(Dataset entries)
* * * *
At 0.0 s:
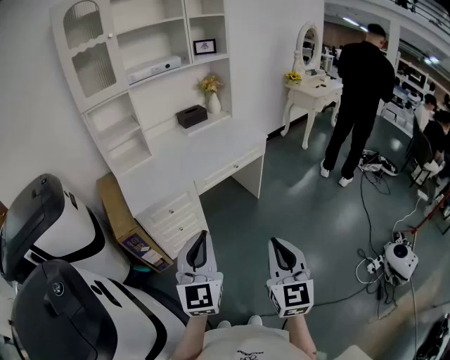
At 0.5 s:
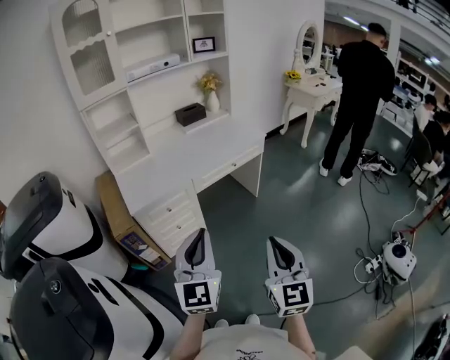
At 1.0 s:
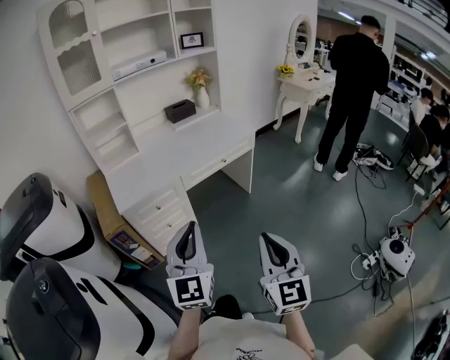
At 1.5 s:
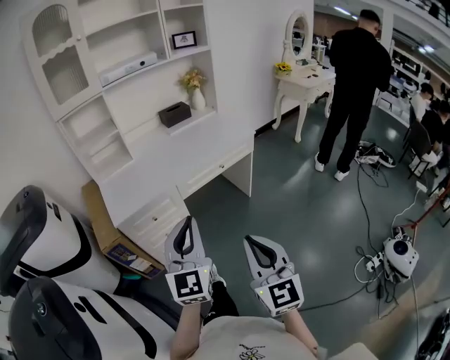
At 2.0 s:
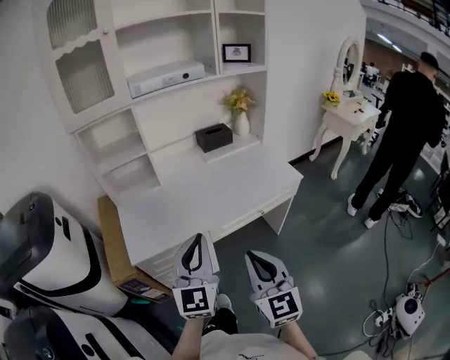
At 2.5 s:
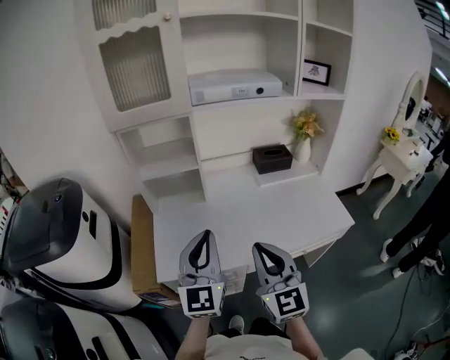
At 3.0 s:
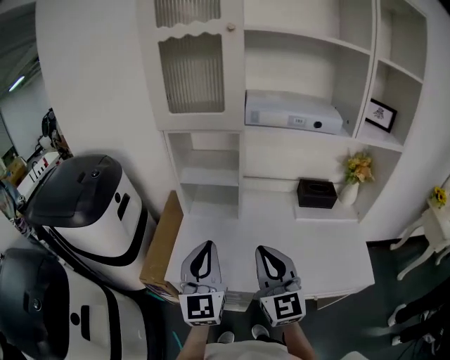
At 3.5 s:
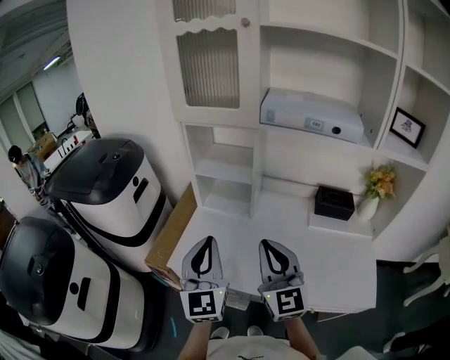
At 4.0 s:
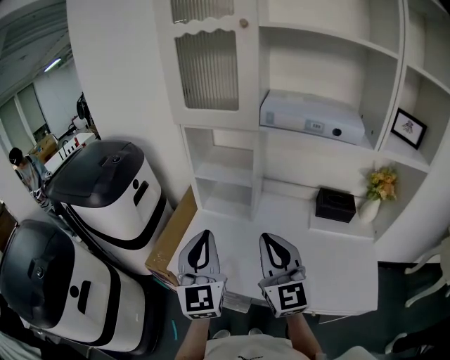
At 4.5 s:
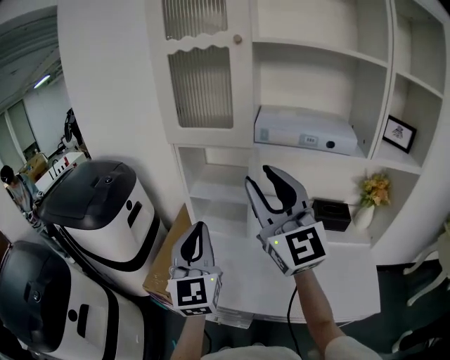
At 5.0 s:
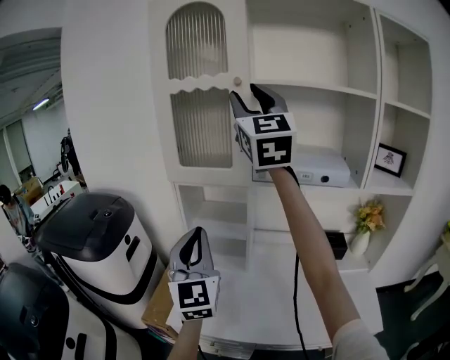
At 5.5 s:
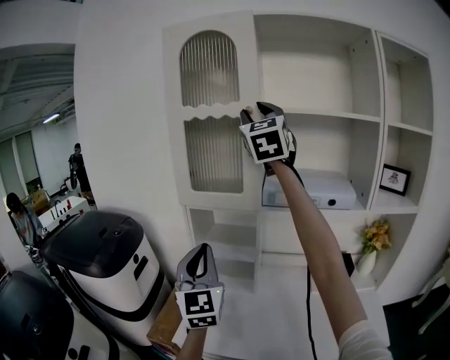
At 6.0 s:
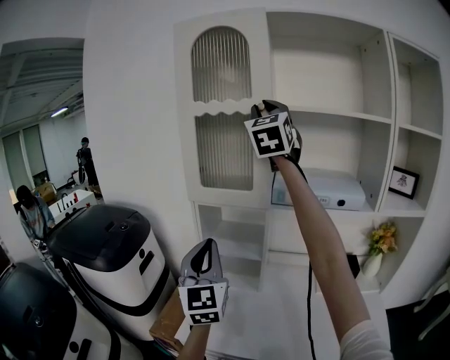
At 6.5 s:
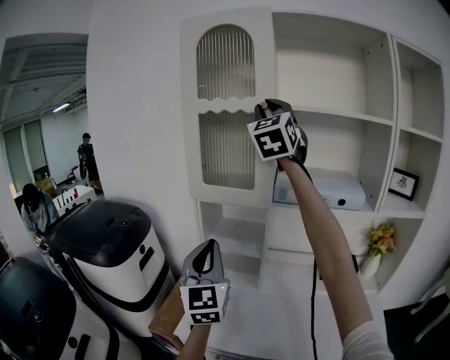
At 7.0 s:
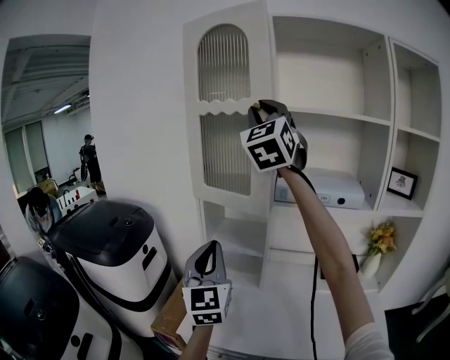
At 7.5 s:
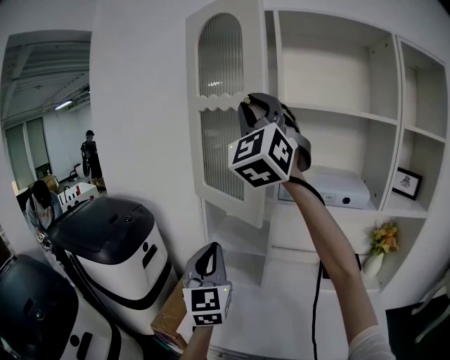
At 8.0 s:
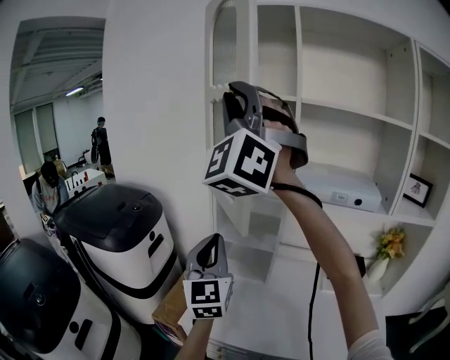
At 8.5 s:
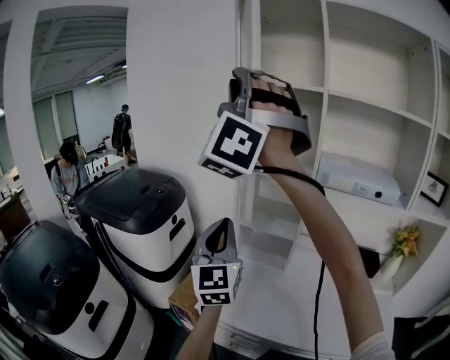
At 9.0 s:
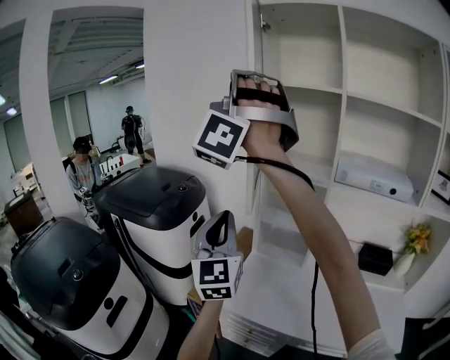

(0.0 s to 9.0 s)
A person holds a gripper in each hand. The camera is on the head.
* * * *
Prompt =>
A word-for-word copy of the entries above is what is needed, without any images.

Output for this exercise =>
At 0.0 s:
At 0.5 s:
At 1.0 s:
At 1.5 s:
At 2.0 s:
At 2.5 s:
At 3.0 s:
At 3.5 s:
At 4.0 s:
At 4.5 s:
At 5.0 s:
At 5.5 s:
At 6.0 s:
At 6.5 s:
At 7.0 s:
At 7.5 s:
At 8.0 s:
At 8.5 s:
At 9.0 s:

(0.0 s to 9.0 s)
A person holds a gripper in each hand. The camera is on the head.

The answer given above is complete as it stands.